Yogyakarta, 9 November 2015—In the first joint workshop hosted by the ASEAN Intergovernmental Commission on Human Rights (AICHR) and Senior Officials Meeting on Transnational Crime (SOMTC), discussions focused on ensuring a rights-based approach to combatting trafficking in persons, particularly women and children, in the region.
The ASEAN is making significant strides in addressing trafficking in the region. It has adopted documents, such as the ASEAN Declaration on Transnational Crime (1997), and established various bodies to tackle the problem. More recently, the SOMTC has been drafting the ASEAN Convention on Trafficking in Persons (ACTIP) and the ASEAN Plan of Action (APA) to Combat Human Trafficking. The ACTIP will serve as the legal framework for the ASEAN to effectively cooperate and enhance regional efforts in combating human trafficking, while the APA is the action-oriented instrument that will implement and operationalize the convention. It is expected that the draft ACTIP and APA will be adopted in November 2015.
The ASEAN Inter-governmental Commission on Human Rights (AICHR) is another key actor working to enhance the regional institutional framework on trafficking. It has maintained that regional policy discussions on trafficking should include a human rights dimension and gender perspective. In its Five Year Work Plan, the AICHR will be undertaking a regional thematic study on Trafficking in Persons Particularly Women and Children in ASEAN. The ASEAN Commission for the Promotion and Protection of the Rights of Women and Children (ACWC) and the ASEAN Committee on the Implementation of the Declaration on the Protection and Promotion of the Rights of Migrant Workers (ACMW) are also undertaking initiatives to enhance the regional response to trafficking.
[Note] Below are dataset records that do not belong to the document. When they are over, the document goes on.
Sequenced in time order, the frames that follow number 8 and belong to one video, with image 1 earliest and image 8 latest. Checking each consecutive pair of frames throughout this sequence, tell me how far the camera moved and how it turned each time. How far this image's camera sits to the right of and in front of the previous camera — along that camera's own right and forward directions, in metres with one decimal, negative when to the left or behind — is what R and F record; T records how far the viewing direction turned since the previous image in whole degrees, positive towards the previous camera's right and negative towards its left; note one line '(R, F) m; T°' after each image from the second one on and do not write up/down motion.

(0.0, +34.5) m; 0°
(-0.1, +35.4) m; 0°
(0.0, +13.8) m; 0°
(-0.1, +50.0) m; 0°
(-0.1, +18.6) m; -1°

Appreciating the many on-going programmes that aim to resolve the problem of trafficking, the workshop held from the 5th to the 6th of November in Yogyakarta was designed as a platform for the different ASEAN bodies to share their respective work and to consider developing a coordinated response to trafficking, which can enhance the implementation of the ACTIP, APA and other anti-trafficking initiatives in ASEAN.
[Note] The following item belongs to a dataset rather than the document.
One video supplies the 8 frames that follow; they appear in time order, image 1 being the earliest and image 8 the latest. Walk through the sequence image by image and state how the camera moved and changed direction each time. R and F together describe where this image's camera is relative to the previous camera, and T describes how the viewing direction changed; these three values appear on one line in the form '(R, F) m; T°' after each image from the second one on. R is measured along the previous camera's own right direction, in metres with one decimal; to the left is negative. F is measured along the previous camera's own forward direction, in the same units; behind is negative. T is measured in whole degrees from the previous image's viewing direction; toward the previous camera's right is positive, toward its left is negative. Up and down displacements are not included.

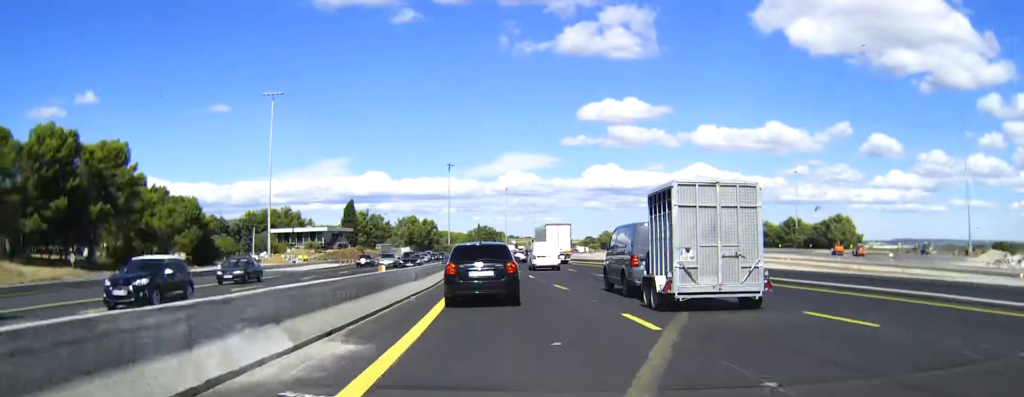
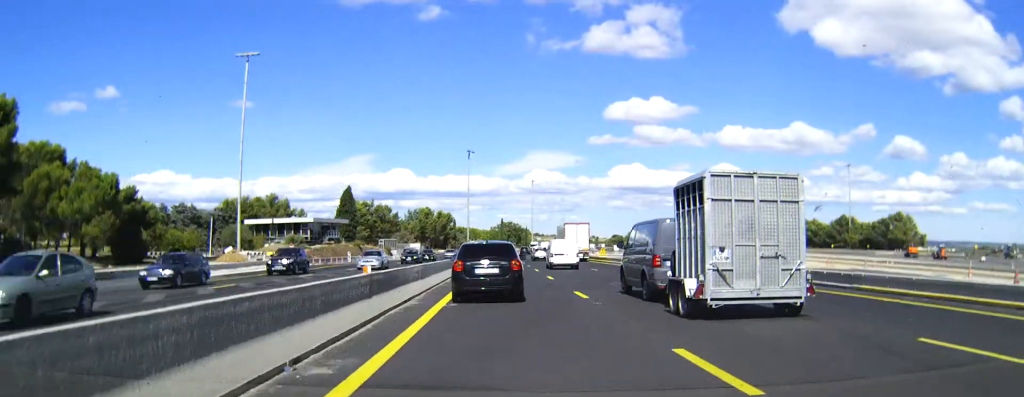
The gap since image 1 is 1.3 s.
(-0.8, +29.6) m; -2°
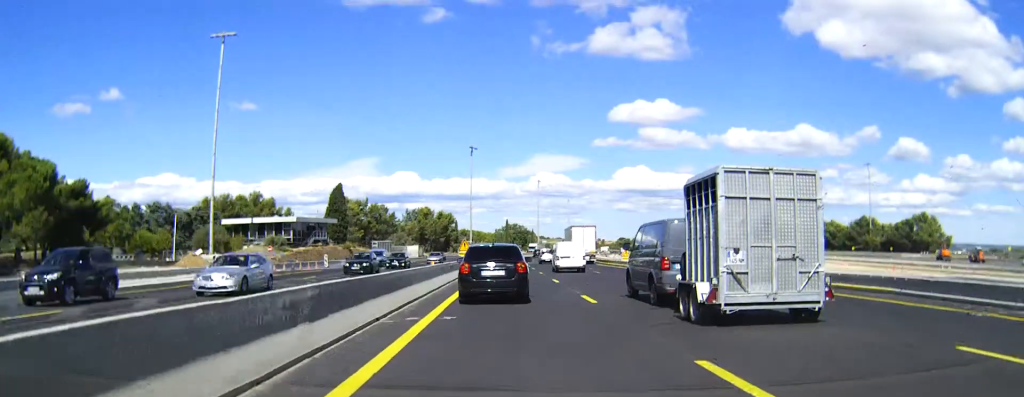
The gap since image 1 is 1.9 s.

H.E. Sieng Lapresse, Chair of the SOMTC, set the tone for the two and half day event with a keynote address. He appealed to the delegates to look deeply into the affirmations in the ASEAN Human Rights Declaration, including the right to live in dignity, the right to work, and to free choice of employment. Expressing his personal conviction, he said, “I would like ASEAN Member States to clearly define sex industry and prostitution” so that law enforcement authorities are guided by precise provisions, “in order to protect the value of human dignity, freedom of choice for employment and freedom from arbitrary interference with his or her privacy, including personal data.”

Panel on mapping out regional initiatives and priorities, with representatives from SOMTC, AICHR, ACWC, and SOMSWD
In a session to map out regional initiatives and priorities, Mr. Mohammad Safei, SOMTC Focal Point of Indonesia, presented a brief note on the ACTIP, including its objectives, main components, and the key stakeholders for its implementation. Together with Mr. Safei in this panel were Mr. Rafendi Djamin, Representative of Indonesia to the AICHR, H.E. Datin Paduka Intan Md. Kassim, Chair of the ACWC, and H.E. Dato’ Sabariah Binti Hassan, Chair of the ASEAN Senior Officials Meeting on Social Welfare and Development (SOMSWD).
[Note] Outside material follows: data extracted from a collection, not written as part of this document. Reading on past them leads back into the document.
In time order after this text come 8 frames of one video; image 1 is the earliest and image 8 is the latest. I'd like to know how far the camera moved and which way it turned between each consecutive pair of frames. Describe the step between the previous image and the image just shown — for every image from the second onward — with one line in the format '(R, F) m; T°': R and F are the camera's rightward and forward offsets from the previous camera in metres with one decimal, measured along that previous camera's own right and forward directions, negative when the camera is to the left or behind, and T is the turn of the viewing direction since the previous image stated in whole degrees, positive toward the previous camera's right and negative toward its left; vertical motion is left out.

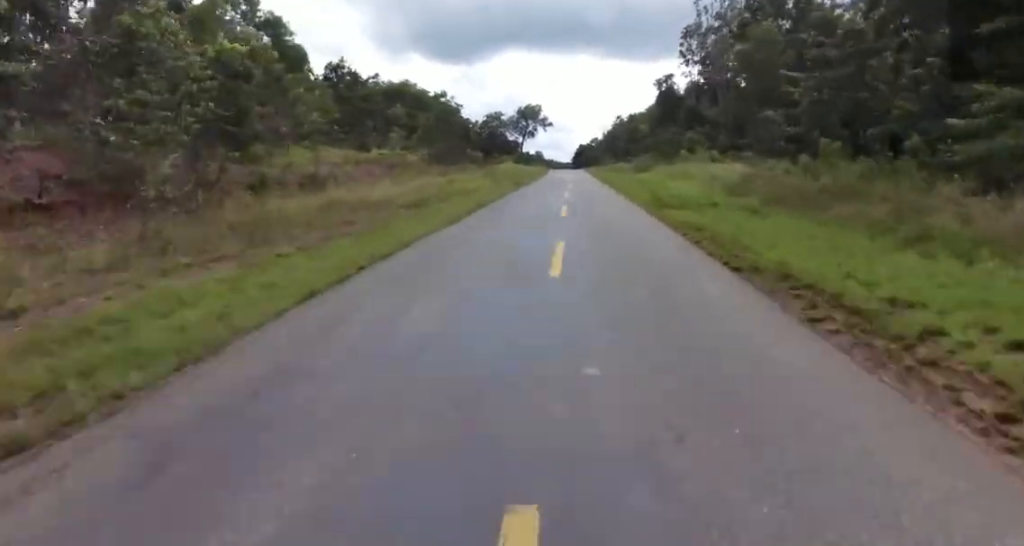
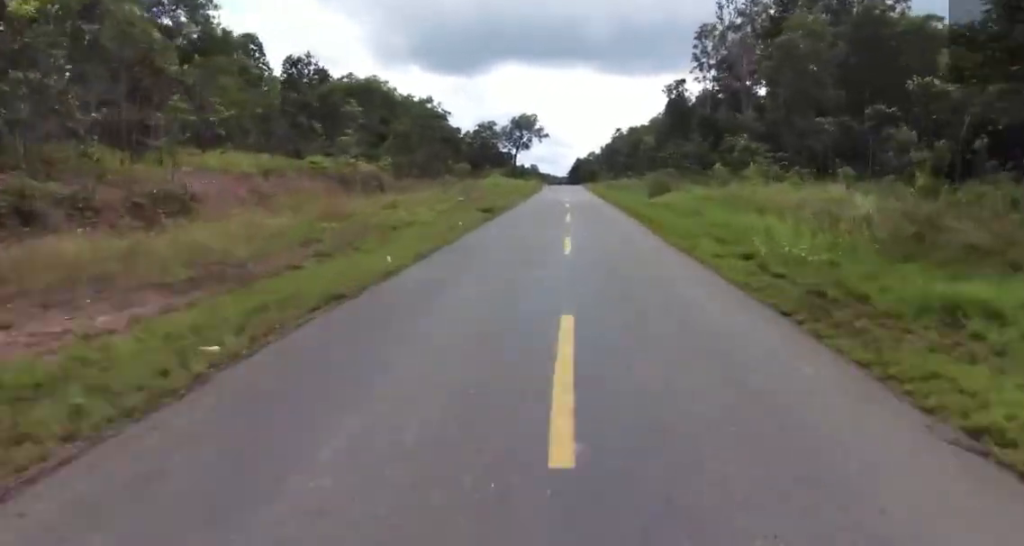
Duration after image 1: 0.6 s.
(-0.5, +13.1) m; -2°
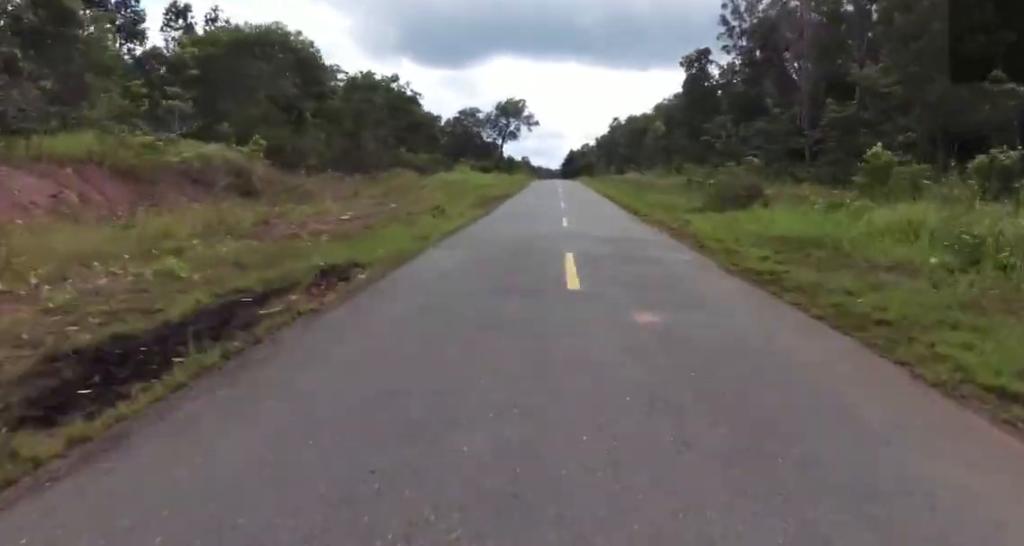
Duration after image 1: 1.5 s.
(0.0, +21.0) m; 0°
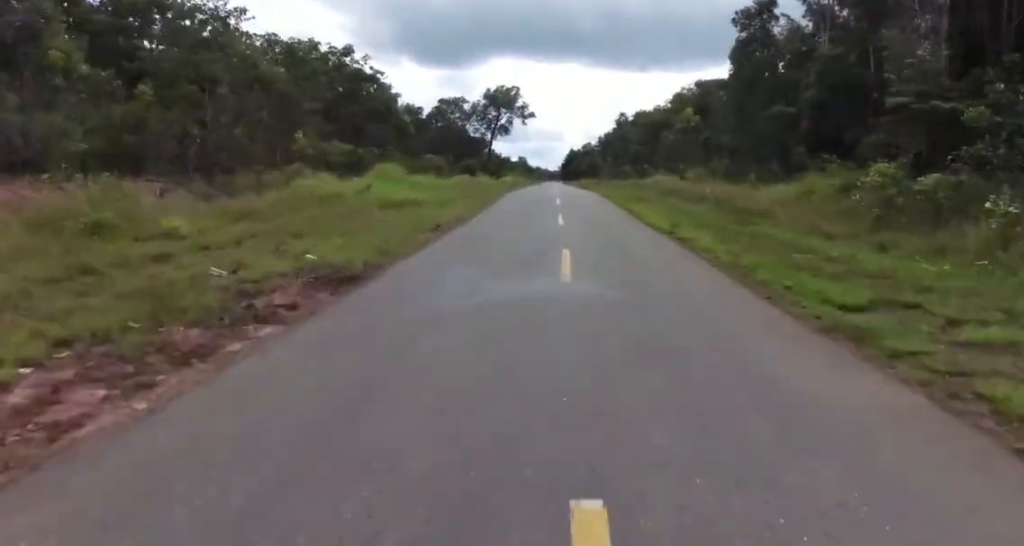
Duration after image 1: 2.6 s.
(0.0, +23.6) m; 0°
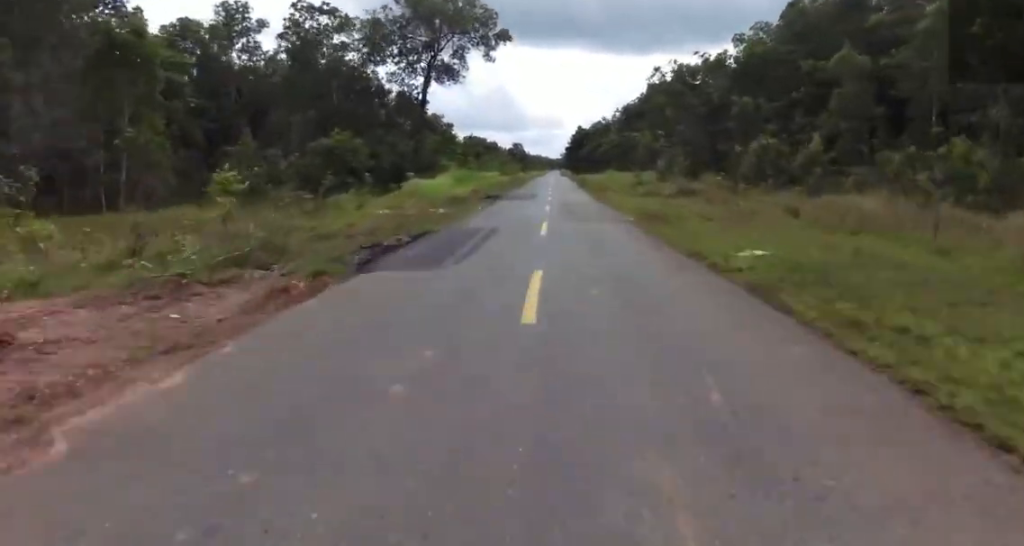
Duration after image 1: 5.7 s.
(+0.4, +67.8) m; +4°
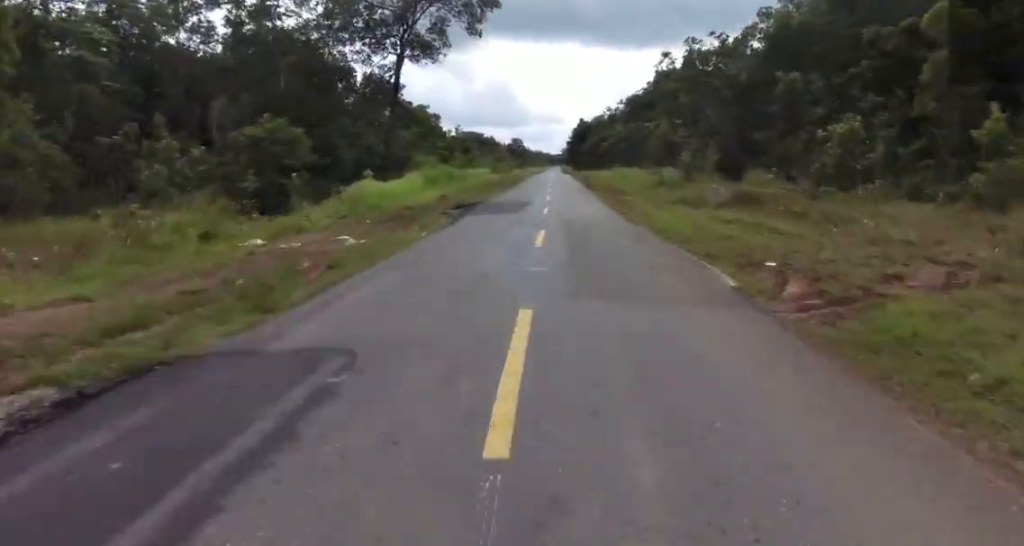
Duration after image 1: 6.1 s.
(+0.7, +10.6) m; 0°
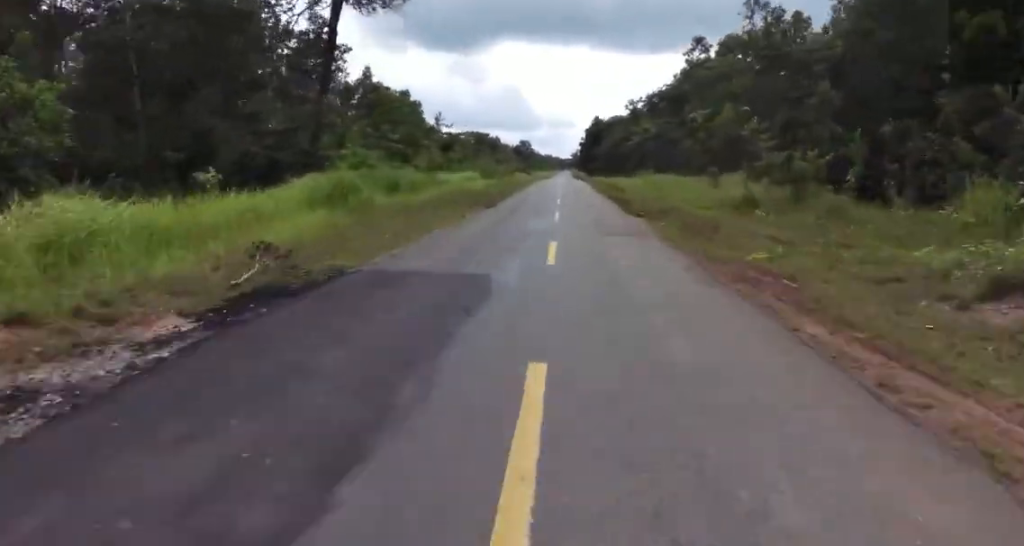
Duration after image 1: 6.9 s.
(+0.1, +17.7) m; -1°
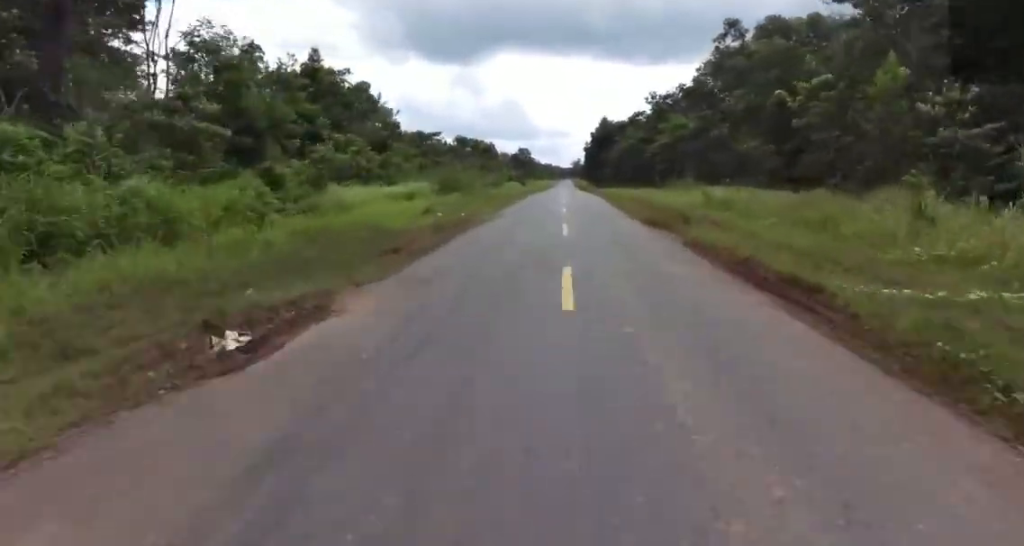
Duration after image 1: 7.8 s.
(-0.8, +19.4) m; -2°

Other speakers during the event came from a broad range of actors in the region, including the United Nations Action for Cooperation against Trafficking in Persons (UN-ACT), International Organisation for Migration (IOM), South East Asia National Human Rights Institutions Forum (SEANF), the ASEAN Coordinating Centre for Humanitarian Assistance on disaster management (AHA), and the ASEAN Secretariat. HRRC’s Research and Project Coordinator, Ms. Faith Delos Reyes, gave a presentation on preventing trafficking in persons in the context of migration within ASEAN, drawing from HRRC’s 2012 baseline study on women and children as well as several more recent publications, especially those by the ILO and IOM.